Data items:
* * *
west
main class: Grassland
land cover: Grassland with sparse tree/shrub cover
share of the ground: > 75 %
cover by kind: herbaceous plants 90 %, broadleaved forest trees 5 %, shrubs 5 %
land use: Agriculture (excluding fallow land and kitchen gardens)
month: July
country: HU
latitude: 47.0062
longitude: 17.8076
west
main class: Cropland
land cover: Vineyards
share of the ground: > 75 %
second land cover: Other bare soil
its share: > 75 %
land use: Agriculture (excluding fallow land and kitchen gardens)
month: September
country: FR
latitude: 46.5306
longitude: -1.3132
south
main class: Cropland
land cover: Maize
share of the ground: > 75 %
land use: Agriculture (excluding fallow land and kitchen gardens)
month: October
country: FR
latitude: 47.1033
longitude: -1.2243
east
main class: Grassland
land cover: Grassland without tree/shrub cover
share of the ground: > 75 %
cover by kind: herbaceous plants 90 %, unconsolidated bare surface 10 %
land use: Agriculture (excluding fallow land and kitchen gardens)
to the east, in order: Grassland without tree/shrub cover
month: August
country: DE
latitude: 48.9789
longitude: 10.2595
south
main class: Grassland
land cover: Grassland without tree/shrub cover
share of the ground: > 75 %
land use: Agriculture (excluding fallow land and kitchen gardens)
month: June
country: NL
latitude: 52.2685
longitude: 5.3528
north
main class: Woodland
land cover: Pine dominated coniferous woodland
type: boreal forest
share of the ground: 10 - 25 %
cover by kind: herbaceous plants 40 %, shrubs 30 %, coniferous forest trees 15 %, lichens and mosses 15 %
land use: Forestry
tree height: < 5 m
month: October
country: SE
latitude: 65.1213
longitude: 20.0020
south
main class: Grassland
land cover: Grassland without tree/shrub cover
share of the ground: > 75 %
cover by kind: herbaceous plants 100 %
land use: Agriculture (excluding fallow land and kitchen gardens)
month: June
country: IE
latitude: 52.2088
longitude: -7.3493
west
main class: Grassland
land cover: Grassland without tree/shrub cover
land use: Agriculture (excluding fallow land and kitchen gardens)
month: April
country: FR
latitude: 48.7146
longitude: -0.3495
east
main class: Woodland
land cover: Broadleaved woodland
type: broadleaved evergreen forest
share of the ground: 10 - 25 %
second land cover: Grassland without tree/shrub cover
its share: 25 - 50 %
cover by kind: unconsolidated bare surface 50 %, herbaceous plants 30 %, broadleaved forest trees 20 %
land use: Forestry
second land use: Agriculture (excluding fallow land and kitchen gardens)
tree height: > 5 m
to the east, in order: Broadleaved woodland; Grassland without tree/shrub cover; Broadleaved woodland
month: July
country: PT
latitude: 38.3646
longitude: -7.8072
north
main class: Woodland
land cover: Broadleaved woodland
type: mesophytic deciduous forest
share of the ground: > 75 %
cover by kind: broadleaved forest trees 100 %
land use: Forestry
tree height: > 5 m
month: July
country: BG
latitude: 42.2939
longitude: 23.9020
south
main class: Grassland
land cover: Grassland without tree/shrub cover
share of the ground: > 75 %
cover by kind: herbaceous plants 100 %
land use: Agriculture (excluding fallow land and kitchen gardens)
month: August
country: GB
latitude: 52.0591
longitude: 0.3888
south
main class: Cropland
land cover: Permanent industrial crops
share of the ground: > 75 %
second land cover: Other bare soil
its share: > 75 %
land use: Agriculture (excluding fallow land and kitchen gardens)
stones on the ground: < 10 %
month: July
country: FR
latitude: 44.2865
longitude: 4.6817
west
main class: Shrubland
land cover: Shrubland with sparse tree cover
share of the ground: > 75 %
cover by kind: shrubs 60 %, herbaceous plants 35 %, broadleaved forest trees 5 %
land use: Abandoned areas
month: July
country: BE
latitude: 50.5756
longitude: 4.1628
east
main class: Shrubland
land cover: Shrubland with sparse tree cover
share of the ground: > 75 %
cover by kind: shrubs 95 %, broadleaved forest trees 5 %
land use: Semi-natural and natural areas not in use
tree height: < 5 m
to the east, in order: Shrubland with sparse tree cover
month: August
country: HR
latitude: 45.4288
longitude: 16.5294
* * *
THE PROBLEM: Reproduce all the data precisely, word for word.

RESULT:
west
main class: Grassland
land cover: Grassland with sparse tree/shrub cover
share of the ground: > 75 %
cover by kind: herbaceous plants 90 %, broadleaved forest trees 5 %, shrubs 5 %
land use: Agriculture (excluding fallow land and kitchen gardens)
month: July
country: HU
latitude: 47.0062
longitude: 17.8076
west
main class: Cropland
land cover: Vineyards
share of the ground: > 75 %
second land cover: Other bare soil
its share: > 75 %
land use: Agriculture (excluding fallow land and kitchen gardens)
month: September
country: FR
latitude: 46.5306
longitude: -1.3132
south
main class: Cropland
land cover: Maize
share of the ground: > 75 %
land use: Agriculture (excluding fallow land and kitchen gardens)
month: October
country: FR
latitude: 47.1033
longitude: -1.2243
east
main class: Grassland
land cover: Grassland without tree/shrub cover
share of the ground: > 75 %
cover by kind: herbaceous plants 90 %, unconsolidated bare surface 10 %
land use: Agriculture (excluding fallow land and kitchen gardens)
to the east, in order: Grassland without tree/shrub cover
month: August
country: DE
latitude: 48.9789
longitude: 10.2595
south
main class: Grassland
land cover: Grassland without tree/shrub cover
share of the ground: > 75 %
land use: Agriculture (excluding fallow land and kitchen gardens)
month: June
country: NL
latitude: 52.2685
longitude: 5.3528
north
main class: Woodland
land cover: Pine dominated coniferous woodland
type: boreal forest
share of the ground: 10 - 25 %
cover by kind: herbaceous plants 40 %, shrubs 30 %, coniferous forest trees 15 %, lichens and mosses 15 %
land use: Forestry
tree height: < 5 m
month: October
country: SE
latitude: 65.1213
longitude: 20.0020
south
main class: Grassland
land cover: Grassland without tree/shrub cover
share of the ground: > 75 %
cover by kind: herbaceous plants 100 %
land use: Agriculture (excluding fallow land and kitchen gardens)
month: June
country: IE
latitude: 52.2088
longitude: -7.3493
west
main class: Grassland
land cover: Grassland without tree/shrub cover
land use: Agriculture (excluding fallow land and kitchen gardens)
month: April
country: FR
latitude: 48.7146
longitude: -0.3495
east
main class: Woodland
land cover: Broadleaved woodland
type: broadleaved evergreen forest
share of the ground: 10 - 25 %
second land cover: Grassland without tree/shrub cover
its share: 25 - 50 %
cover by kind: unconsolidated bare surface 50 %, herbaceous plants 30 %, broadleaved forest trees 20 %
land use: Forestry
second land use: Agriculture (excluding fallow land and kitchen gardens)
tree height: > 5 m
to the east, in order: Broadleaved woodland; Grassland without tree/shrub cover; Broadleaved woodland
month: July
country: PT
latitude: 38.3646
longitude: -7.8072
north
main class: Woodland
land cover: Broadleaved woodland
type: mesophytic deciduous forest
share of the ground: > 75 %
cover by kind: broadleaved forest trees 100 %
land use: Forestry
tree height: > 5 m
month: July
country: BG
latitude: 42.2939
longitude: 23.9020
south
main class: Grassland
land cover: Grassland without tree/shrub cover
share of the ground: > 75 %
cover by kind: herbaceous plants 100 %
land use: Agriculture (excluding fallow land and kitchen gardens)
month: August
country: GB
latitude: 52.0591
longitude: 0.3888
south
main class: Cropland
land cover: Permanent industrial crops
share of the ground: > 75 %
second land cover: Other bare soil
its share: > 75 %
land use: Agriculture (excluding fallow land and kitchen gardens)
stones on the ground: < 10 %
month: July
country: FR
latitude: 44.2865
longitude: 4.6817
west
main class: Shrubland
land cover: Shrubland with sparse tree cover
share of the ground: > 75 %
cover by kind: shrubs 60 %, herbaceous plants 35 %, broadleaved forest trees 5 %
land use: Abandoned areas
month: July
country: BE
latitude: 50.5756
longitude: 4.1628
east
main class: Shrubland
land cover: Shrubland with sparse tree cover
share of the ground: > 75 %
cover by kind: shrubs 95 %, broadleaved forest trees 5 %
land use: Semi-natural and natural areas not in use
tree height: < 5 m
to the east, in order: Shrubland with sparse tree cover
month: August
country: HR
latitude: 45.4288
longitude: 16.5294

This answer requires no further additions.